**TASK DIRECTIONS:** Retype the data below verbatim; pictures do not belong in the copy.

*****

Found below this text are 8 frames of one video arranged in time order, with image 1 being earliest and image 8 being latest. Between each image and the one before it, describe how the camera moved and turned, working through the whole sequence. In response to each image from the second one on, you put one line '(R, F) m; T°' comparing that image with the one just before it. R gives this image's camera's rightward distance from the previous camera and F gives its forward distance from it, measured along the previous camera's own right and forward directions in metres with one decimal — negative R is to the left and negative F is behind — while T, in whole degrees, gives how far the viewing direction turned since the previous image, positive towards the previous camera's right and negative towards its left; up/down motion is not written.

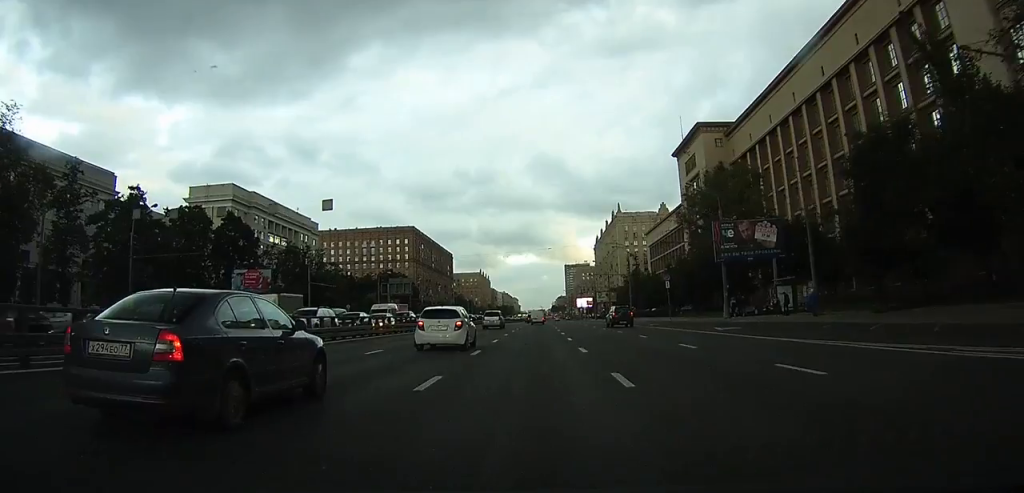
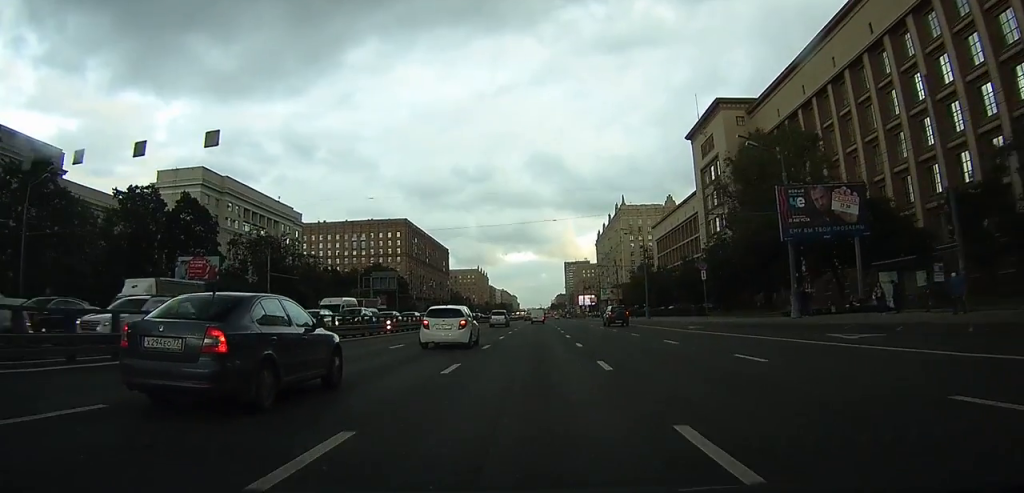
(-0.1, +13.5) m; -1°
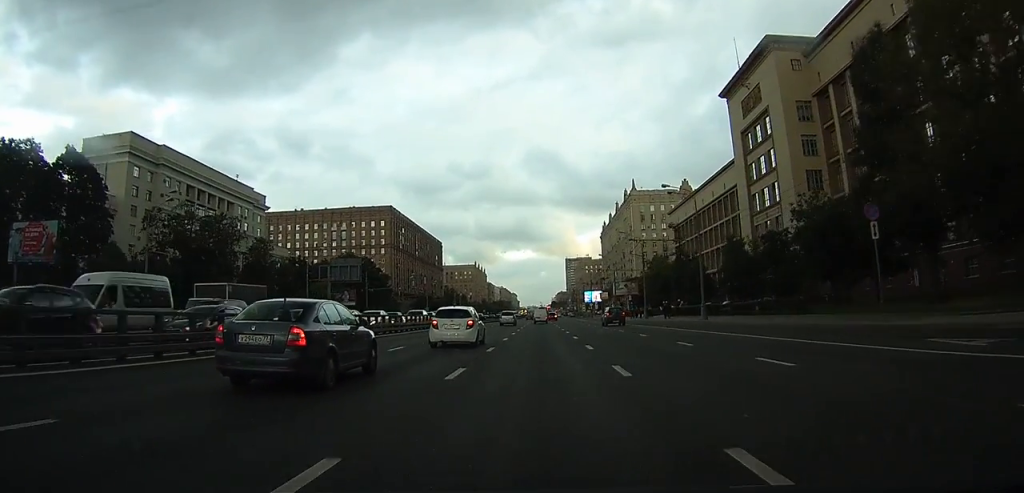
(-0.2, +25.1) m; -1°
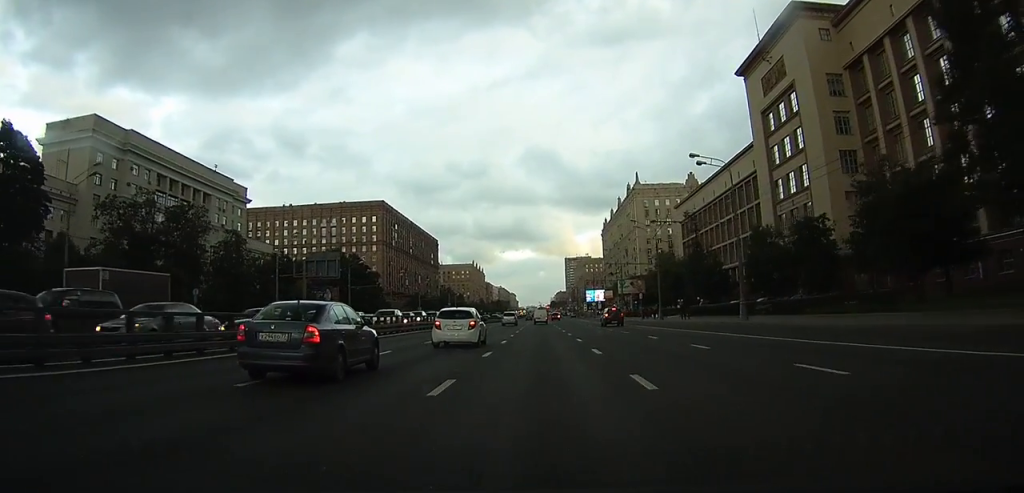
(0.0, +10.0) m; 0°
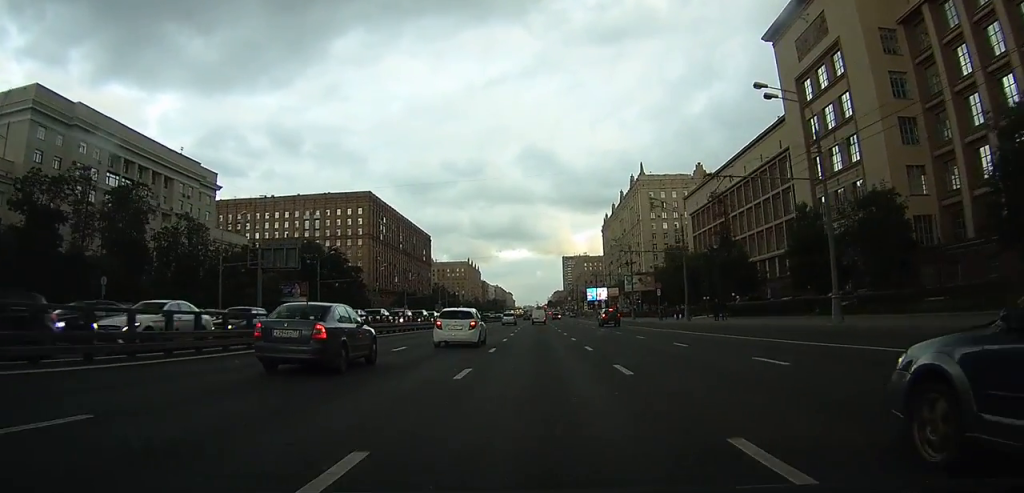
(0.0, +13.6) m; 0°
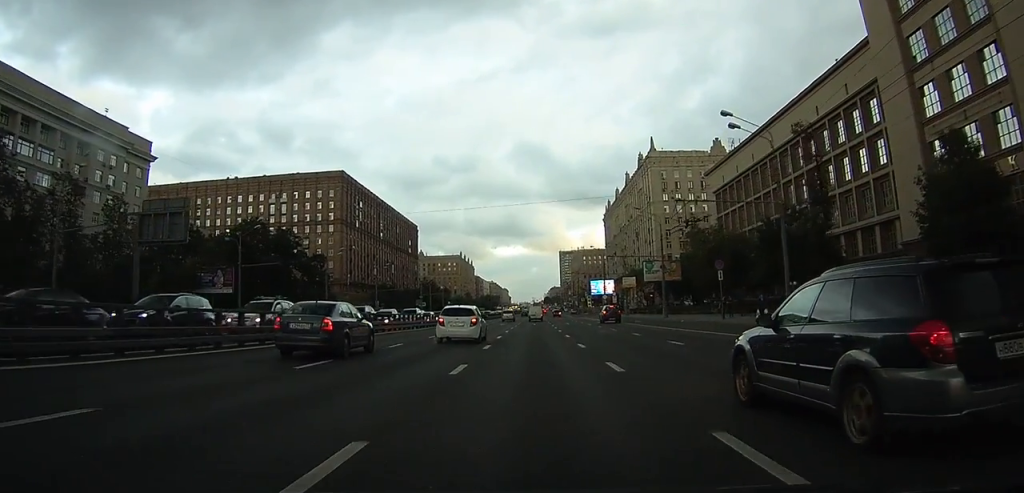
(+0.1, +23.8) m; 0°
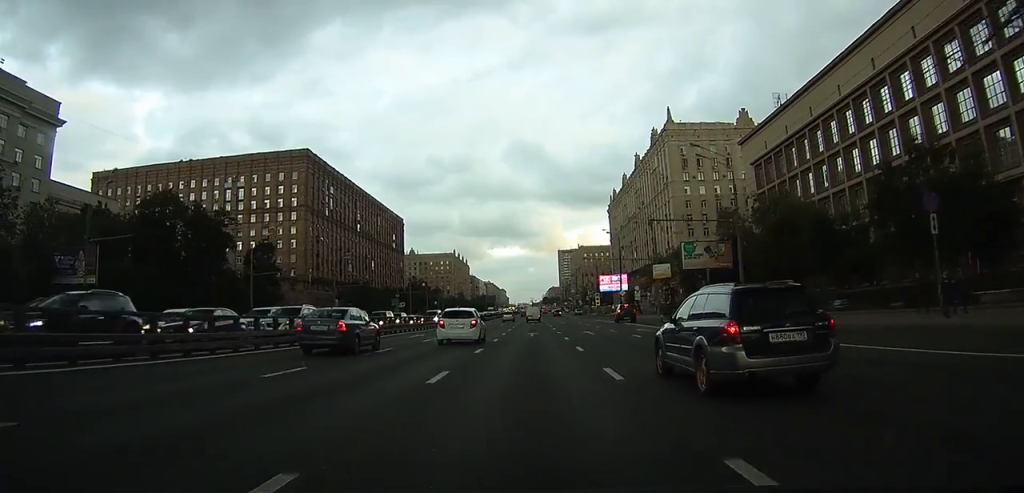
(+0.1, +25.0) m; 0°
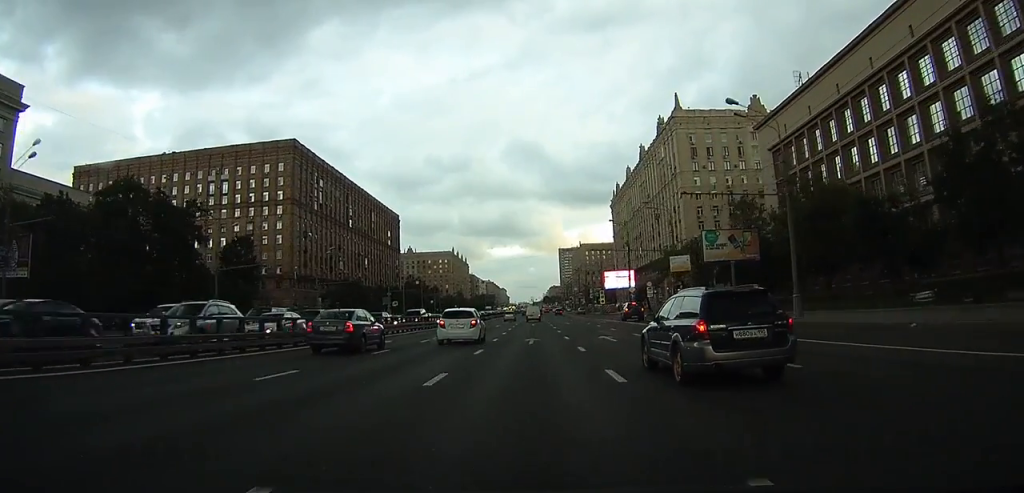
(0.0, +8.3) m; 0°
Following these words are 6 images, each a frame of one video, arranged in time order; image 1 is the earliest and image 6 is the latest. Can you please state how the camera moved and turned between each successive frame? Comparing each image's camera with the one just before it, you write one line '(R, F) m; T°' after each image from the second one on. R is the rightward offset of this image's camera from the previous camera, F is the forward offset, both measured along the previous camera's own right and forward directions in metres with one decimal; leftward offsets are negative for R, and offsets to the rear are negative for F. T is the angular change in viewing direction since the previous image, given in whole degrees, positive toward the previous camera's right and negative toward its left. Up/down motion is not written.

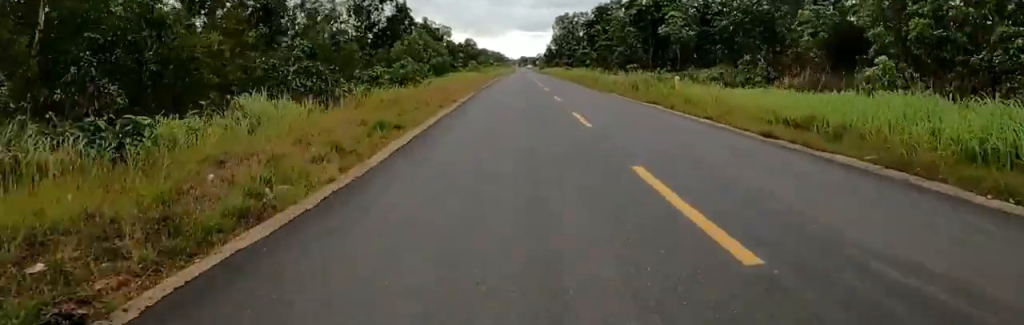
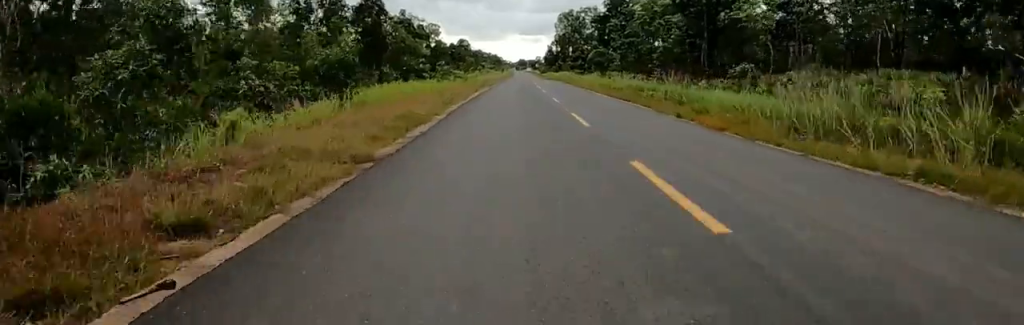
(+0.8, +22.4) m; -2°
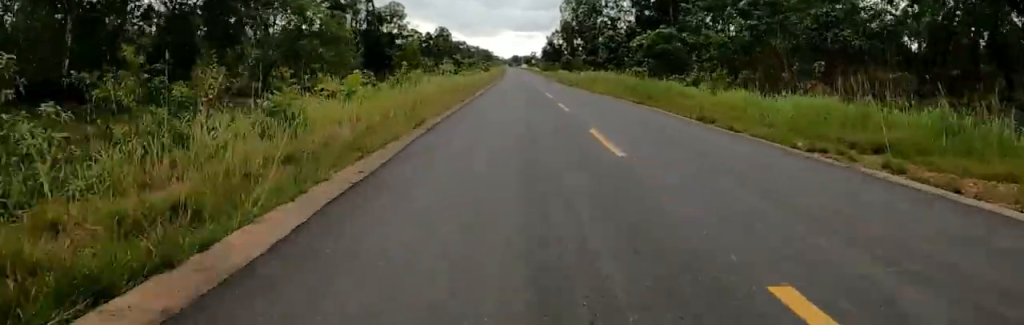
(+1.1, +44.8) m; -1°
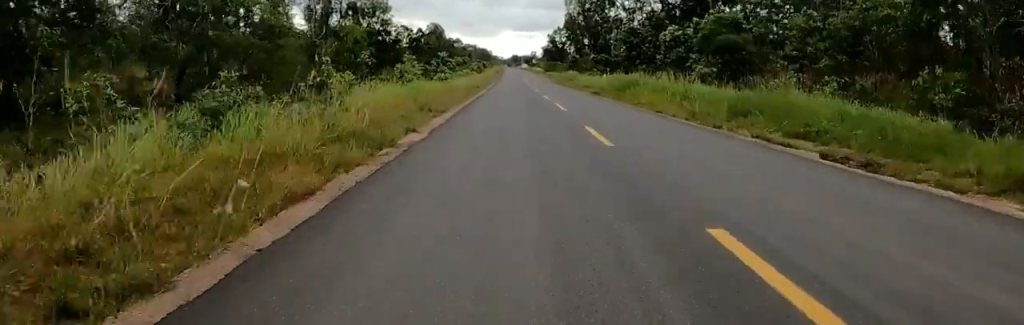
(-0.6, +14.8) m; +2°
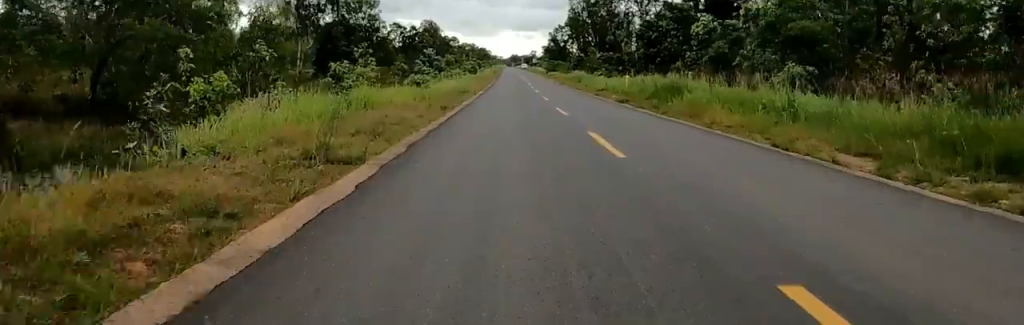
(+0.6, +9.0) m; +2°
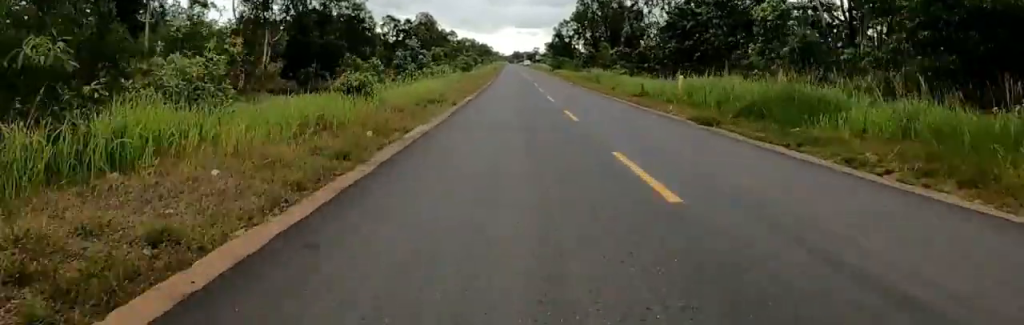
(+0.5, +10.3) m; 0°
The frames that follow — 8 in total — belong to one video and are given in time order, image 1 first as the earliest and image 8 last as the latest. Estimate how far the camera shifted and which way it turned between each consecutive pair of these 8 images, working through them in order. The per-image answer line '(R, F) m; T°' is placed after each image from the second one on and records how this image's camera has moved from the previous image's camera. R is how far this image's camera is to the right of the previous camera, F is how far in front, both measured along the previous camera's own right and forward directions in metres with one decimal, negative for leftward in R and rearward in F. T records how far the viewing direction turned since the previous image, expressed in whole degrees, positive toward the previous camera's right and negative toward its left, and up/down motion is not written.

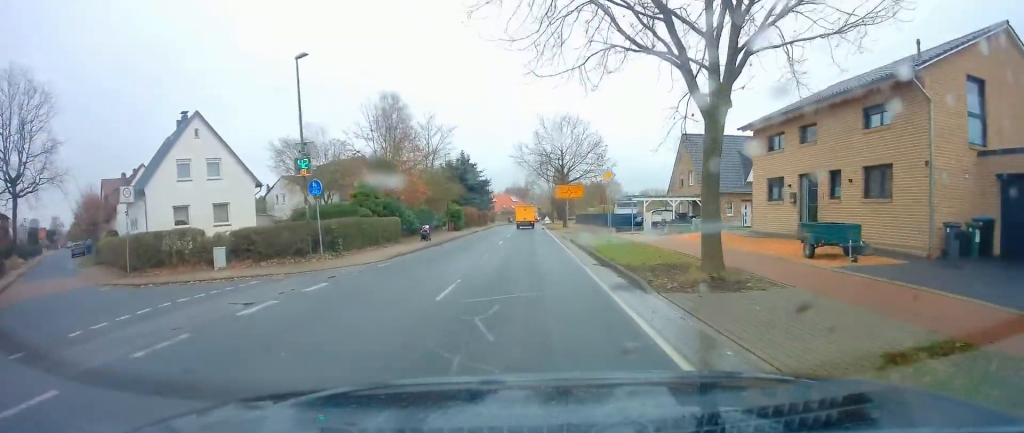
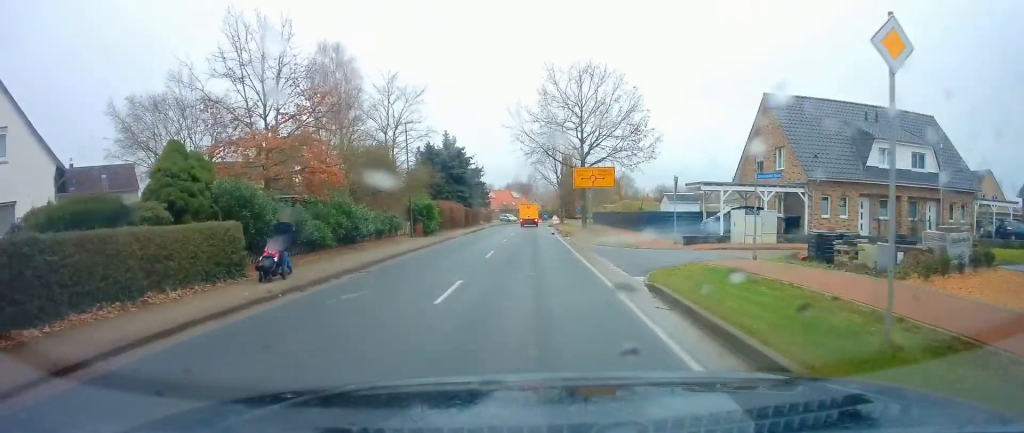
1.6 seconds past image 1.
(0.0, +18.7) m; 0°
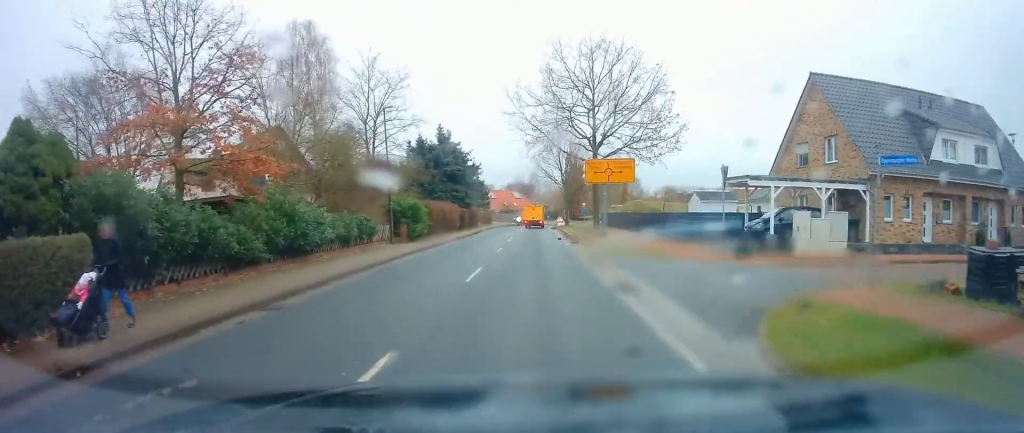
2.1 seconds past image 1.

*****

**SOLVED EXERCISE:**
Found below this text are 8 frames of one video arranged in time order, with image 1 being earliest and image 8 being latest. Between each image and the one before it, describe how the camera moved and turned, working through the whole sequence. In response to each image from the second one on, you put one line '(R, F) m; T°' comparing that image with the one just before it. R gives this image's camera's rightward distance from the previous camera and F gives its forward distance from it, measured along the previous camera's own right and forward directions in metres with one decimal — negative R is to the left and negative F is behind — while T, in whole degrees, gives how far the viewing direction turned since the previous image, positive towards the previous camera's right and negative towards its left; up/down motion is not written.

(-0.1, +13.5) m; -1°
(-0.2, +25.1) m; -1°
(0.0, +10.0) m; 0°
(0.0, +13.6) m; 0°
(+0.1, +23.8) m; 0°
(+0.1, +25.0) m; 0°
(0.0, +8.3) m; 0°
Following these words are 6 images, each a frame of one video, arranged in time order; image 1 is the earliest and image 6 is the latest. Can you please state how the camera moved and turned between each successive frame? Comparing each image's camera with the one just before it, you write one line '(R, F) m; T°' after each image from the second one on. R is the rightward offset of this image's camera from the previous camera, F is the forward offset, both measured along the previous camera's own right and forward directions in metres with one decimal; leftward offsets are negative for R, and offsets to the rear are negative for F. T is the angular change in viewing direction since the previous image, given in whole degrees, positive toward the previous camera's right and negative toward its left. Up/down motion is not written.

(+0.8, +22.4) m; -2°
(+1.1, +44.8) m; -1°
(-0.6, +14.8) m; +2°
(+0.6, +9.0) m; +2°
(+0.5, +10.3) m; 0°
The frames that follow — 8 in total — belong to one video and are given in time order, image 1 first as the earliest and image 8 last as the latest. Estimate how far the camera shifted and which way it turned between each consecutive pair of these 8 images, working through them in order. The per-image answer line '(R, F) m; T°' is placed after each image from the second one on and records how this image's camera has moved from the previous image's camera. R is how far this image's camera is to the right of the previous camera, F is how far in front, both measured along the previous camera's own right and forward directions in metres with one decimal, negative for leftward in R and rearward in F. T records how far the viewing direction turned since the previous image, expressed in whole degrees, positive toward the previous camera's right and negative toward its left, and up/down motion is not written.

1.6 seconds past image 1.
(0.0, +18.7) m; 0°
2.1 seconds past image 1.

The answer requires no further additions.